I’m going against one of my bracket rules and not taking a team from the First Four to win a game in the main draw this year. Iowa State is limping into the tournament, but they take care of a gritty, if not super talented, Pitt team and ruin the potential Sean Miller Bowl in the second round.
Full disclosure: I have Texas winning this region, and I initially had them losing in the first round to Colgate. The Raiders check every box necessary for a monster March upset: They’re experienced, they dominated their conference, and they’re the best three-point shooting team in the entire country. They’ll put the fear of God into the Longhorns (and they would have beaten Marquette if they’d gotten a luckier draw), but ultimately UT survives and finds its stride.
An under-seeded Texas A&M team grits out a win over Penn State in one of the best games of the first round, and then Buzz Williams takes some not-so-thinly veiled shots at the Selection Committee afterward. The Aggies push Texas for a bit before the Longhorns play their best half of the season to advance.
Top-seeded Houston nearly loses to Auburn in the second round, but then restores confidence from the public by blasting Drake into oblivion in the Sweet 16. Houston-Texas gives us the best matchup of the Elite Eight and maybe the best game of the tournament, but the Longhorns’ superior backcourt depth and talent ultimately wins out. Rodney Terry becomes one of the focuses of the sports world.
West Region
Pretty much every team that I’ve crushed on during this season is in this region. It is absolutely this year’s region of death.
Disclaimer: If UCLA had a healthy Jaylen Clark and Adem Bona, I’d be picking them to win this region and probably the national title Clark won’t play at all and Bona will at the very least be limited, so I’m not. The Bruins get the sexy 2006 rematch with Gonzaga and get their hearts broken this time because Bona and company aren’t healthy enough to control Drew Timme, who goes nuts.
VCU over Saint Mary’s is the upset pick that I have the most confidence in throughout this whole bracket. The Gaels and their talented backcourt couldn’t handle Gonzaga’s pressure at all in the WCC tournament final, and it’ll be more of the same against a VCU team that creates as much defensive havoc as any in the field. This is a nightmare matchup for Randy Bennett’s team.
Kansas has been the team that I’ve thought I was going to pick to win the national title for a while now, but the Bill Self thing is a curveball, Kevin McCullar’s health is still an issue, and the Jayhawks looked wildly inferior in both of their March losses to Texas. Arkansas knocking off KU in the second round has become something of a trendy pick, but underachieving teams loaded with next-level talent rarely have the lightbulb moment in March that everyone wants them to. The Razorbacks will make it interesting, but Kansas isn’t losing before the Sweet 16.
UConn sends Rick Pitino to St.
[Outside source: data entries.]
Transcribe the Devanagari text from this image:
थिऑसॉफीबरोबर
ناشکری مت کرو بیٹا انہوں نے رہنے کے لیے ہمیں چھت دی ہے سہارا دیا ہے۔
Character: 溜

John’s sooner than Gaels fans would like, and then destroys VCU in the second round to set up the Sweet 16 showdown with Kansas. The Husky offense kicks into high-gear against KU, and then Dan Hurley’s team is too physical and tough down the stretch in a thrilling regional final win over Gonzaga.
Final Four
Alabama has little trouble ending the Cinderella run of Oral Roberts, which plays the way a double-digit seed typically plays in the Final Four: Not well. UConn then puts the clamps on Marcus Carr and company in the second semifinal and ends Terry’s dream run with the Longhorns.
I’m going with Connecticut to win the national title for one reason and one reason alone: This is going to be a weird tournament, and the Huskies THRIVE in weird tournaments. The two strangest national champions of the last 15 years have probably both been Connecticut teams (2011 and 2014). Let’s get wild again, Storrs.